OXiGENE has completed the toxicity analysis for its randomised Phase II trial of Zybrestat (fosbretabulin tromethamine or CA4P) and Avastin (bevacizumab) in combination, indicated to treat patients with persistent or recurrent ovarian cancer.
The company said the drug combination was shown to be acceptably tolerated by patients in the second and final scheduled interim toxicity analysis.
The study’s safety review committee (SRC) observed no additional pre-specified safety concerns after reviewing the first 53 evaluable patients who completed four months of therapy, thus allowing the study to proceed with full enrolment.
The company plans to complete patient accrual for the study in three to four months, and release top-line data bythe end 2013.
The study is being carried out by the Gynecologic Oncology Group (GOG) at more than 80 sites in the US, under the sponsorship of the Cancer Therapy Evaluation Program (CTEP) of the National Cancer Institute (NCI).
OXiGENE vice president for clinical development Dr Jai Balkissoon said the company is pleased that the second and final interim safety review was acceptable, and that enrollment has significantly increased due to the addition of platinum-resistant ovarian cancer patients, who have very few treatment options available to them.
"With our collaborators at the GOG and CTEP, we look forward to completing enrollment by mid-year and generating top-line data by year-end. We are hopeful that the efficacy and safety data could support advancing toward a pivotal registration program in ovarian cancer," Balkissoon said.
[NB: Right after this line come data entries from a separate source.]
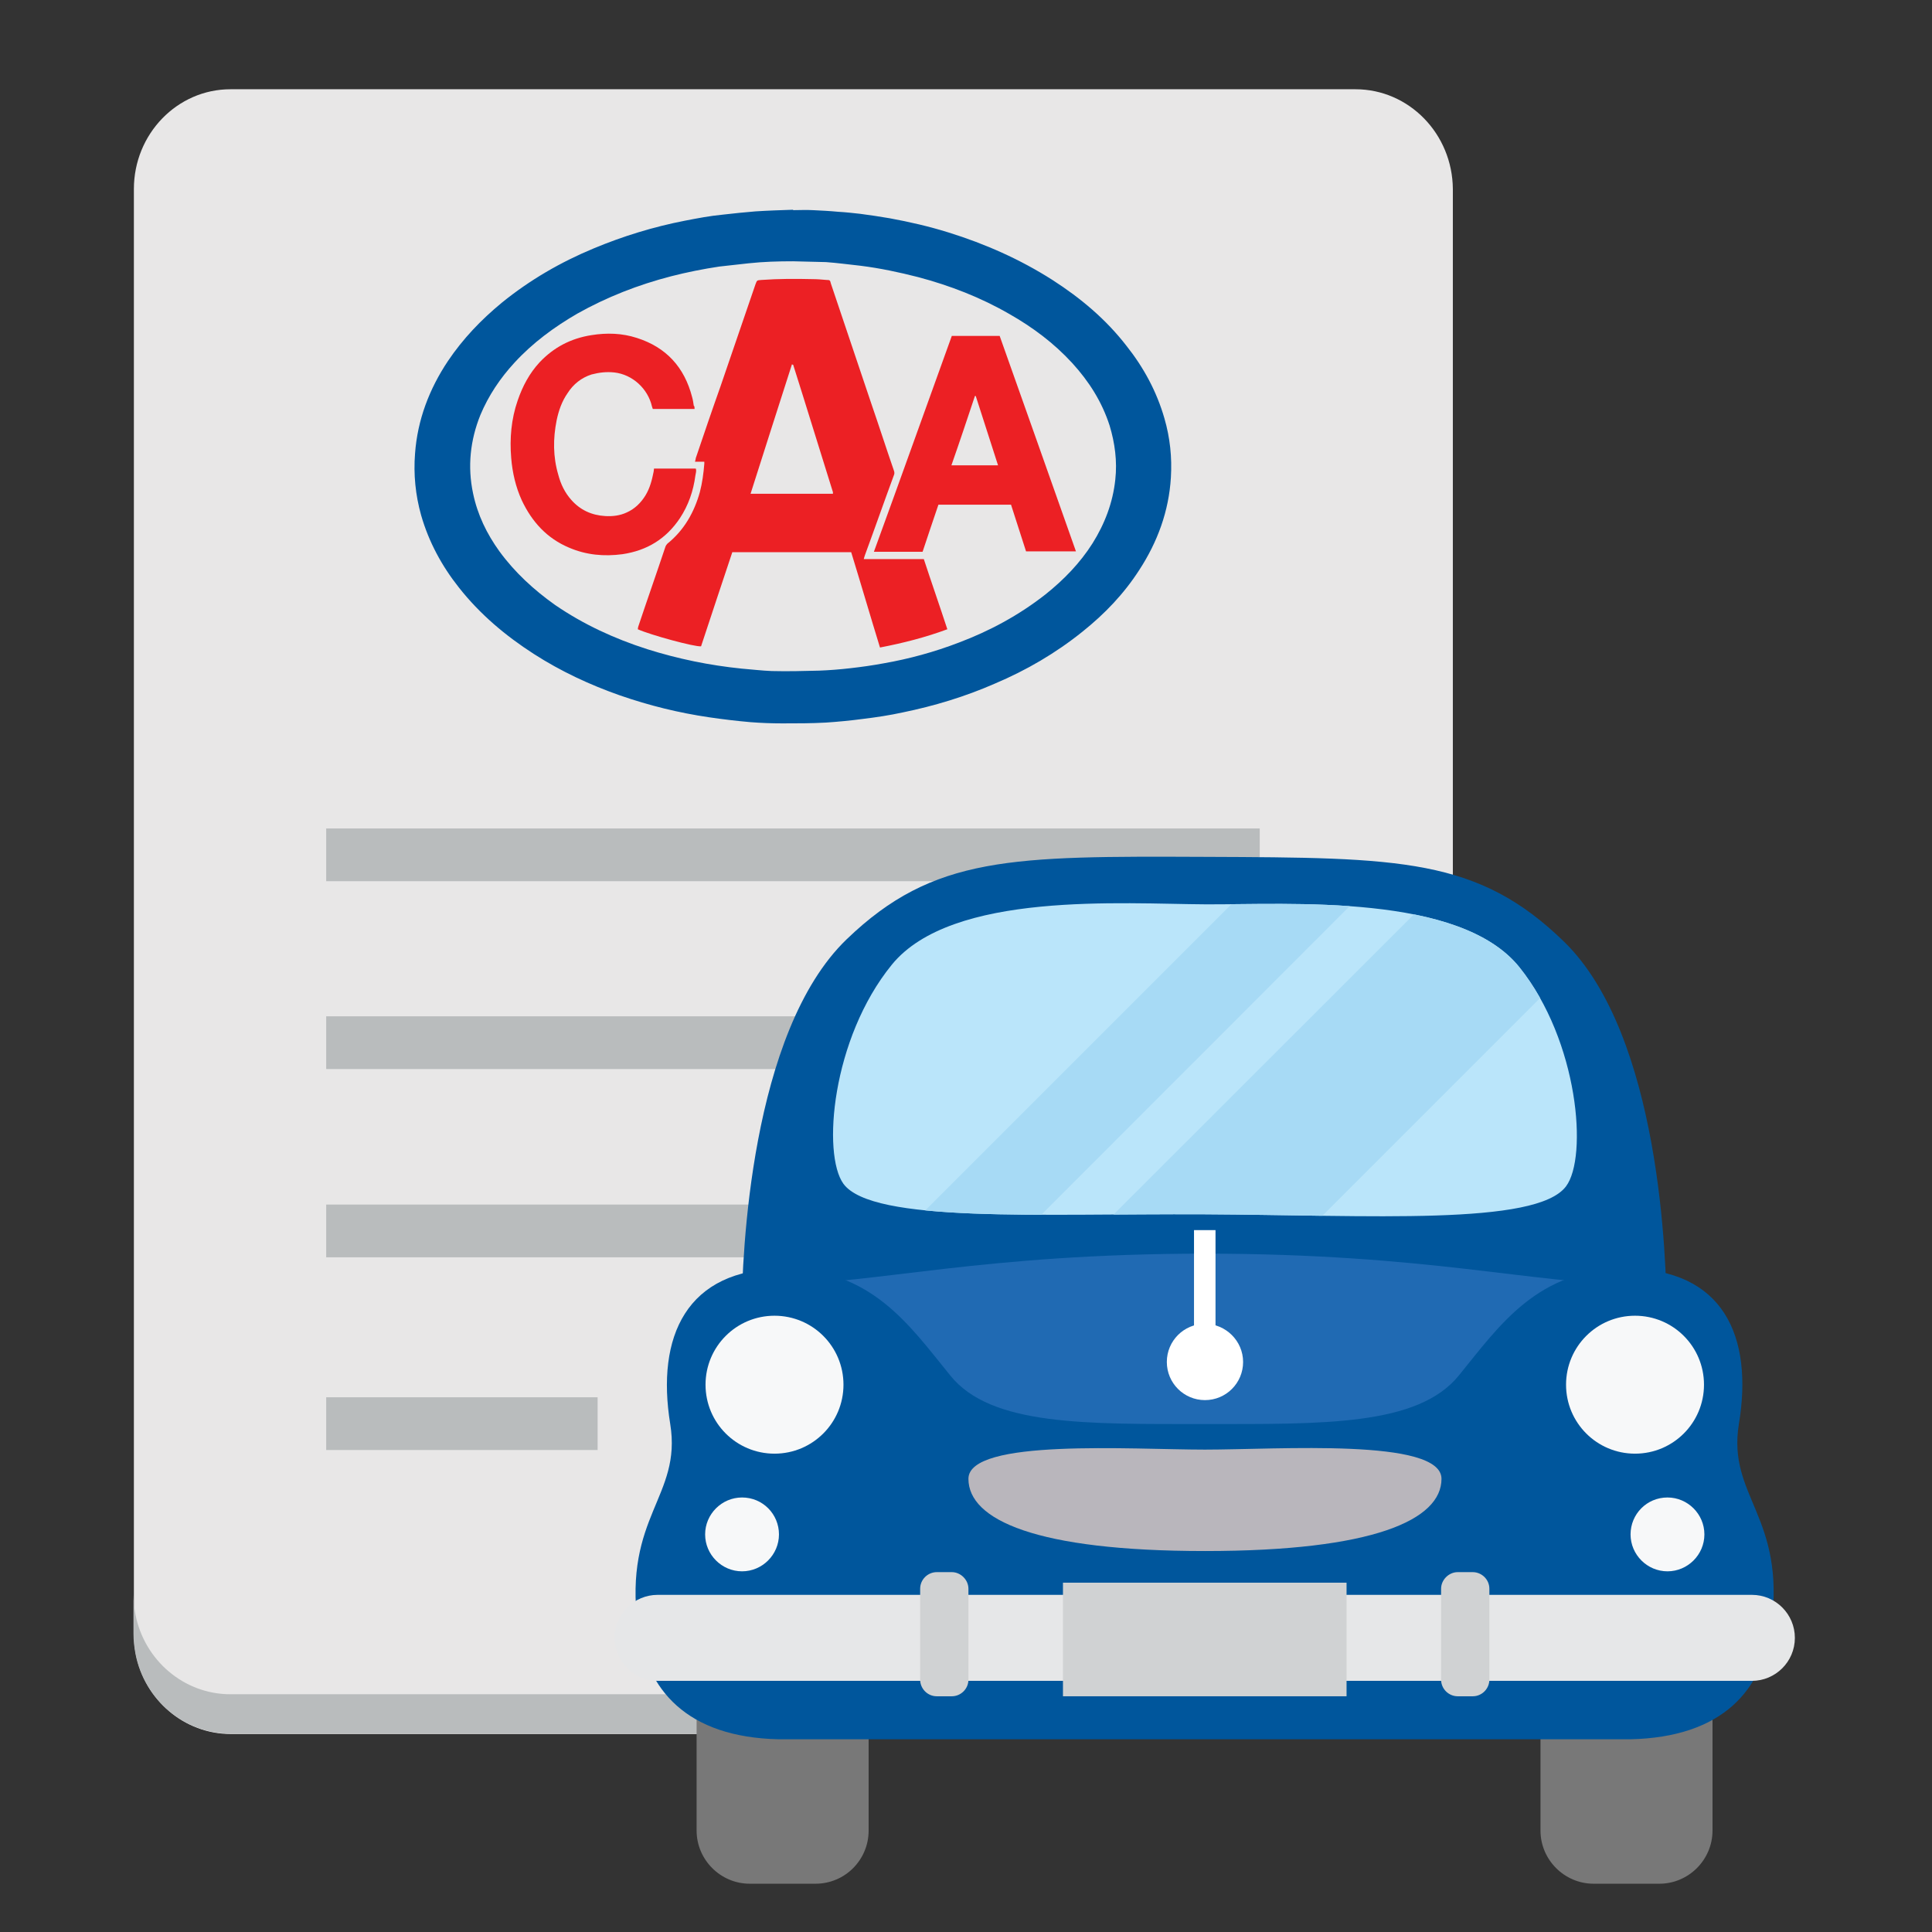 <?xml version="1.0" encoding="UTF-8"?>
<!-- Generator: Adobe Illustrator 27.9.0, SVG Export Plug-In . SVG Version: 6.00 Build 0)  -->
<svg xmlns="http://www.w3.org/2000/svg" xmlns:xlink="http://www.w3.org/1999/xlink" version="1.1" id="Icons" x="0px" y="0px" viewBox="0 0 476.2 476.2" style="enable-background:new 0 0 476.2 476.2;" xml:space="preserve">
<rect x="0" y="0" width="476.2" height="476.2" fill="#333333" stroke="none"/>
<style type="text/css">
	.st0{fill:#E8E7E7;}
	.st1{fill:#B9BCBD;}
	.st2{fill:#00569C;}
	.st3{fill:#EC2024;}
	.st4{fill:#787878;}
	.st5{fill:#206AB3;}
	.st6{fill:#F7F8F9;}
	.st7{fill:#E6E7E8;}
	.st8{fill:#B9B6BC;}
	.st9{fill:#BAE5FA;}
	.st10{fill:#D0D2D3;}
	.st11{fill:#FFFFFF;}
	.st12{clip-path:url(#SVGID_00000111912457371224865780000015768311913803706550_);}
	.st13{fill:#A7DAF5;}
</style>
<g>
	<g>
		<g>
			<path class="st0" d="M334.1,22H56.8C43.7,22,33,33,33,46.6v356.2c0,1.7,0.2,3.4,0.5,5c2.2,11.2,11.9,19.6,23.4,19.6h277.3     c11.5,0,21.2-8.4,23.4-19.6c0.3-1.6,0.5-3.3,0.5-5V46.6C358,33,347.3,22,334.1,22z"></path>
			<path class="st1" d="M357.5,398c-2.2,11.2-11.9,19.6-23.4,19.6H56.8c-11.5,0-21.2-8.4-23.4-19.6c-0.3-1.6-0.5-3.3-0.5-5v9.7     c0,1.7,0.2,3.4,0.5,5c2.2,11.2,11.9,19.6,23.4,19.6h277.3c11.5,0,21.2-8.4,23.4-19.6c0.3-1.6,0.5-3.3,0.5-5V393     C358,394.7,357.8,396.4,357.5,398z"></path>
			<rect x="80.4" y="296.9" class="st1" width="230.1" height="13"></rect>
			<rect x="80.4" y="344.4" class="st1" width="66.9" height="13"></rect>
			<rect x="80.4" y="250.5" class="st1" width="230.1" height="13"></rect>
			<rect x="80.4" y="204.2" class="st1" width="230.1" height="13"></rect>
		</g>
		<g id="_x38_txc0W.tif_00000145743645799922166110000004910000372124959105_">
			<g>
				<path class="st2" d="M195.5,51.8c1.6,0,3.2-0.1,4.9,0c2.1,0.1,4.1,0.2,6.2,0.4c1.8,0.1,3.6,0.3,5.4,0.5c2.4,0.3,4.9,0.7,7.3,1.1      c4.9,0.9,9.7,2,14.5,3.5c9,2.8,17.6,6.6,25.6,11.7c7,4.5,13.2,9.7,18.3,16.3c4.2,5.3,7.4,11.2,9.3,17.8      c1.4,4.8,1.9,9.7,1.6,14.6c-0.5,8.3-3.3,15.9-7.8,22.8c-3.8,5.9-8.5,10.8-14,15.2c-6.6,5.3-13.8,9.5-21.6,12.8      c-7.3,3.2-14.9,5.5-22.7,7.1c-3.2,0.7-6.5,1.2-9.8,1.6c-3,0.4-6.1,0.7-9.1,0.9c-3.6,0.2-7.2,0.2-10.8,0.2      c-2.6,0-5.2-0.1-7.8-0.3c-3.4-0.3-6.8-0.7-10.2-1.2c-7.5-1.1-14.8-2.9-22-5.4c-7.4-2.6-14.5-5.9-21.2-10.2      c-7-4.5-13.3-9.8-18.5-16.4c-4.2-5.3-7.4-11.2-9.3-17.8c-1.4-5-1.9-10.1-1.5-15.2c0.6-8.3,3.5-15.9,8.1-22.8      c3.7-5.5,8.2-10.2,13.3-14.4c6.9-5.6,14.5-10,22.7-13.4c7.2-3,14.7-5.3,22.4-6.8c3.1-0.6,6.2-1.2,9.4-1.5c2.7-0.3,5.4-0.6,8-0.8      c3.1-0.2,6.2-0.3,9.2-0.4C195.5,51.7,195.5,51.8,195.5,51.8z M195.5,64.4c-3.7,0-7.3,0.1-11,0.5c-2.4,0.3-4.8,0.5-7.2,0.8      c-4,0.6-8,1.4-11.9,2.4c-8.1,2.1-15.8,5.1-23.1,9.2c-5.7,3.3-11,7.2-15.5,12.1c-3.5,3.8-6.4,8.1-8.4,12.9      c-2.5,6.2-3.2,12.7-1.8,19.3c1.1,5.3,3.4,10,6.5,14.3c3.8,5.2,8.5,9.5,13.7,13.2c7,4.8,14.6,8.3,22.7,10.9      c7.6,2.4,15.4,4,23.3,4.8c2.5,0.2,4.9,0.5,7.4,0.6c3.9,0.1,7.8,0,11.7-0.1c2.6-0.1,5.1-0.3,7.7-0.6c2.7-0.3,5.5-0.7,8.2-1.2      c6.3-1.1,12.5-2.8,18.5-5.1c7.7-2.9,14.9-6.8,21.4-11.9c4.5-3.6,8.5-7.7,11.6-12.6c3-4.8,5-10,5.6-15.7c0.5-4.5-0.1-9-1.4-13.3      c-1.9-5.9-5.1-10.9-9.2-15.4c-4.5-4.9-9.7-8.8-15.5-12.1c-7.1-4.1-14.6-7-22.5-9.1c-4.7-1.2-9.4-2.2-14.2-2.8      c-2.8-0.3-5.7-0.7-8.5-0.9C200.8,64.5,198.1,64.5,195.5,64.4z"></path>
				<path class="st3" d="M212.9,137.8c5,0,9.9,0,14.8,0c1.9,5.8,3.9,11.5,5.8,17.3c-5.4,2-10.9,3.4-16.6,4.5      c-2.4-7.8-4.7-15.7-7.1-23.5c-9.8,0-19.5,0-29.3,0c-2.6,7.7-5.1,15.4-7.7,23.2c-1.5,0.2-12.5-2.8-15.6-4.2      c0-0.2,0.1-0.4,0.1-0.6c2.2-6.6,4.5-13.1,6.7-19.7c0.1-0.3,0.3-0.6,0.5-0.8c4.1-3.3,6.6-7.7,8-12.7c0.6-2.3,0.9-4.6,1.1-7      c0-0.1,0-0.3,0-0.5c-0.8,0-1.5,0-2.3,0c0.1-0.4,0.2-0.7,0.2-0.9c2-5.9,4-11.8,6.1-17.7c2.9-8.4,5.7-16.7,8.6-25.1      c0.4-1.1,0.4-1,1.5-1.1c4.2-0.3,8.4-0.3,12.6-0.2c1.1,0,2.3,0.1,3.4,0.2c0.9,0,0.9,0.1,1.1,0.9c3.3,9.8,6.6,19.6,9.9,29.4      c1.9,5.5,3.7,11.1,5.6,16.6c0.2,0.5,0.2,0.9,0,1.3c-2.4,6.5-4.7,13.1-7.1,19.6C213.1,137.1,213,137.4,212.9,137.8z M205.3,121.7      c0-0.2,0-0.3,0-0.4c-3.3-10.5-6.5-21-9.8-31.4c0,0,0,0-0.1,0c0,0,0,0-0.2-0.1c-3.4,10.6-6.8,21.2-10.2,31.9      C191.8,121.7,198.5,121.7,205.3,121.7z"></path>
				<path class="st3" d="M234.6,82.8c4,0,7.9,0,11.8,0c6.3,17.7,12.5,35.3,18.8,53.1c-4.1,0-8.2,0-12.3,0c-1.2-3.8-2.5-7.7-3.7-11.5      c-6,0-11.9,0-17.9,0c-1.3,3.8-2.6,7.7-3.9,11.6c-4,0-7.9,0-12,0C221.9,118.2,228.2,100.5,234.6,82.8z M240.5,97.6      c-0.1,0-0.1,0-0.2,0c-1.9,5.7-3.8,11.4-5.8,17.1c3.9,0,7.7,0,11.5,0C244.2,109,242.3,103.3,240.5,97.6z"></path>
				<path class="st3" d="M171.2,100.8c-3.5,0-6.9,0-10.3,0c-0.1-0.2-0.1-0.4-0.2-0.6c-1-4.4-4.8-7.9-9.3-8.4c-1.9-0.2-3.7,0-5.6,0.5      c-2.5,0.8-4.5,2.4-5.9,4.6c-1.4,2-2.2,4.3-2.7,6.7c-0.9,4.5-0.9,9,0.4,13.4c0.6,2.3,1.6,4.4,3.2,6.2c2.2,2.5,5,3.8,8.4,4      c1.8,0.1,3.6-0.1,5.3-0.9c2-0.9,3.5-2.4,4.6-4.2c1.1-1.8,1.6-3.8,2-5.8c0-0.2,0.1-0.5,0.1-0.8c3.5,0,6.8,0,10.3,0      c0.2,0.6,0,1.1-0.1,1.7c-0.5,3.8-1.7,7.3-3.8,10.5c-3.4,5.1-8.1,8-14.2,8.9c-4.5,0.6-8.9,0.2-13.1-1.6      c-5.5-2.3-9.2-6.4-11.7-11.7c-1.5-3.3-2.3-6.8-2.6-10.4c-0.4-4.8,0-9.6,1.6-14.2c1.2-3.5,2.9-6.7,5.4-9.4      c3.5-3.7,7.7-5.9,12.8-6.7c3.8-0.6,7.5-0.5,11.2,0.7c7.2,2.3,11.7,7.2,13.6,14.6c0.2,0.7,0.3,1.4,0.4,2.1      C171.2,100.1,171.2,100.5,171.2,100.8z"></path>
			</g>
		</g>
	</g>
	<g>
		<g>
			<g>
				<g>
					<path class="st4" d="M214.1,378.2v73c0,7.2-5.8,13.1-13.1,13.1l-16.2,0c-7.2,0-13.1-5.9-13.1-13.1v-73H214.1z"></path>
					<path class="st4" d="M422.1,378.2v73c0,7.2-5.9,13.1-13.1,13.1l-16.2,0c-7.2,0-13.1-5.9-13.1-13.1v-73H422.1z"></path>
					<path class="st2" d="M182.8,323.4c0.1-13.6,2.1-69,25.9-91.9c21.4-20.6,40.7-20.5,88.5-20.3c47.9,0.2,67.1,0.2,88.4,21       c23.6,23.1,25.2,78.5,25.2,92.1c-0.1,20-46,46.2-114.2,45.9C228.4,369.9,182.8,340.3,182.8,323.4z"></path>
					<path class="st5" d="M297,354.1c103.8,0,104.9-37.6,104.9-37.6c-23.4,0-50-7.5-104.9-7.5c-55,0-81.5,7.5-104.9,7.5       C192,316.5,193.1,354.1,297,354.1z"></path>
					<path class="st2" d="M401.8,428.7c22.9-0.5,32.8-12.2,34.8-28c3.6-27-10.9-31.8-8-49.7c3.6-21.6-3.8-38.3-27.8-38.3       c-21.8,0-31.1,13.9-41.2,26.3c-10.1,12.5-33.5,12-62.7,12c-29.2,0-52.7,0.5-62.7-12c-10.1-12.4-19.4-26.3-41.2-26.3       c-23.9,0-31.3,16.8-27.8,38.3c2.9,17.9-11.5,22.7-8,49.7c2.1,15.8,12,27.5,34.8,28H401.8z"></path>
					<g>
						<path class="st6" d="M207.9,341.3c0,9.4-7.6,17-17,17c-9.4,0-17-7.6-17-17c0-9.4,7.6-17,17-17        C200.3,324.3,207.9,331.9,207.9,341.3z"></path>
						<path class="st6" d="M192,378.2c0,5-4.1,9.1-9.1,9.1c-5,0-9.1-4.1-9.1-9.1c0-5,4.1-9.1,9.1-9.1C188,369.1,192,373.2,192,378.2        z"></path>
						<path class="st6" d="M386,341.3c0,9.4,7.6,17,17,17c9.4,0,17-7.6,17-17c0-9.4-7.6-17-17-17C393.6,324.3,386,331.9,386,341.3z"></path>
						<path class="st7" d="M431.8,414.3c5.8,0,10.6-4.7,10.6-10.6c0-5.8-4.7-10.6-10.6-10.6H162.1c-5.8,0-10.6,4.7-10.6,10.6        c0,5.8,4.7,10.6,10.6,10.6H431.8z"></path>
						<path class="st6" d="M401.9,378.2c0,5,4.1,9.1,9.1,9.1c5,0,9.1-4.1,9.1-9.1c0-5-4.1-9.1-9.1-9.1        C405.9,369.1,401.9,373.2,401.9,378.2z"></path>
						<path class="st8" d="M297,382.3c41.6,0,58.3-7.7,58.3-17.8c0-10.1-40.3-7.2-58.3-7.2c-18,0-58.3-2.8-58.3,7.2        C238.7,374.6,255.3,382.3,297,382.3z"></path>
						<path class="st9" d="M296.9,299.3c40.5,0.2,81.8,2.9,89.1-6.9c5.4-7.2,3.1-35.8-11.5-54c-14.7-18.3-56.7-15.4-77.3-15.5        c-20.5-0.1-62.6-3.3-77.4,14.9c-14.8,18.2-17.2,46.7-11.9,54C215.1,301.5,256.4,299.1,296.9,299.3z"></path>
						<path class="st10" d="M234.6,387.5h-3.7c-2.2,0-4.1,1.8-4.1,4.1V414c0,2.2,1.8,4.1,4.1,4.1h3.7c2.2,0,4.1-1.8,4.1-4.1v-22.4        C238.7,389.4,236.8,387.5,234.6,387.5z"></path>
						<path class="st10" d="M359.3,387.5h3.7c2.2,0,4.1,1.8,4.1,4.1V414c0,2.2-1.8,4.1-4.1,4.1h-3.7c-2.2,0-4.1-1.8-4.1-4.1v-22.4        C355.2,389.4,357.1,387.5,359.3,387.5z"></path>
						<rect x="262" y="390.1" class="st10" width="69.9" height="28"></rect>
						<path class="st11" d="M306.4,335.7c0,5.2-4.2,9.4-9.4,9.4c-5.2,0-9.4-4.2-9.4-9.4s4.2-9.4,9.4-9.4        C302.1,326.3,306.4,330.5,306.4,335.7z"></path>
						<rect x="294.3" y="303.2" class="st11" width="5.3" height="29.2"></rect>
					</g>
				</g>
			</g>
		</g>
	</g>
	<g>
		<defs>
			<path id="SVGID_1_" d="M296.9,299.3c40.5,0.2,81.8,2.9,89.1-6.9c5.4-7.2,3.1-35.8-11.5-54c-14.7-18.3-56.7-15.4-77.3-15.5     c-20.5-0.1-62.6-3.3-77.4,14.9c-14.8,18.2-17.2,46.7-11.9,54C215.1,301.5,256.4,299.1,296.9,299.3z"></path>
		</defs>
		<clipPath id="SVGID_00000039103959661133703670000009956842015851572639_">
			<use xlink:href="#SVGID_1_" style="overflow:visible;"></use>
		</clipPath>
		
			<g id="XMLID_00000082337822287592096270000004259994509846942596_" style="clip-path:url(#SVGID_00000039103959661133703670000009956842015851572639_);">
			<path class="st13" d="M351.1,204.9L228.9,327.2c-2.1-1.3-3.5-3.6-3.5-6.2v-20l96.1-96.1H351.1z"></path>
		</g>
		
			<g id="XMLID_00000018221693943637333700000002258575020657277059_" style="clip-path:url(#SVGID_00000039103959661133703670000009956842015851572639_);">
			<path class="st13" d="M397.1,212.1v16.4l-99.6,99.6h-51.8L369,204.9h20.8C393.8,204.9,397.1,208.1,397.1,212.1z"></path>
		</g>
	</g>
</g>
</svg>

OXiGENE considered only the patients with measurable or detectable recurrent or persistent epithelial ovarian, fallopian tube or primary peritoneal carcinoma with a history of only one prior platinum-based chemotherapeutic regimen for the study.
As part of the therapy, both platinum-sensitive or platinum-resistant patients are randomised in their two arms.
Bevacizumab 15mg/kg IV is given for one arm while bevacizumab plus fosbretabulin tromethamine 60mg/m² IV is given for the other arm on the first day, with the process repeated once every three weeks for both arms.
The primary endpoint of the study is progression-free survival, with safety, overall survival and objective responses by treatment arm as the secondary endpoints, according to the company.
Image: A pathological specimen of ovarian carcinoma.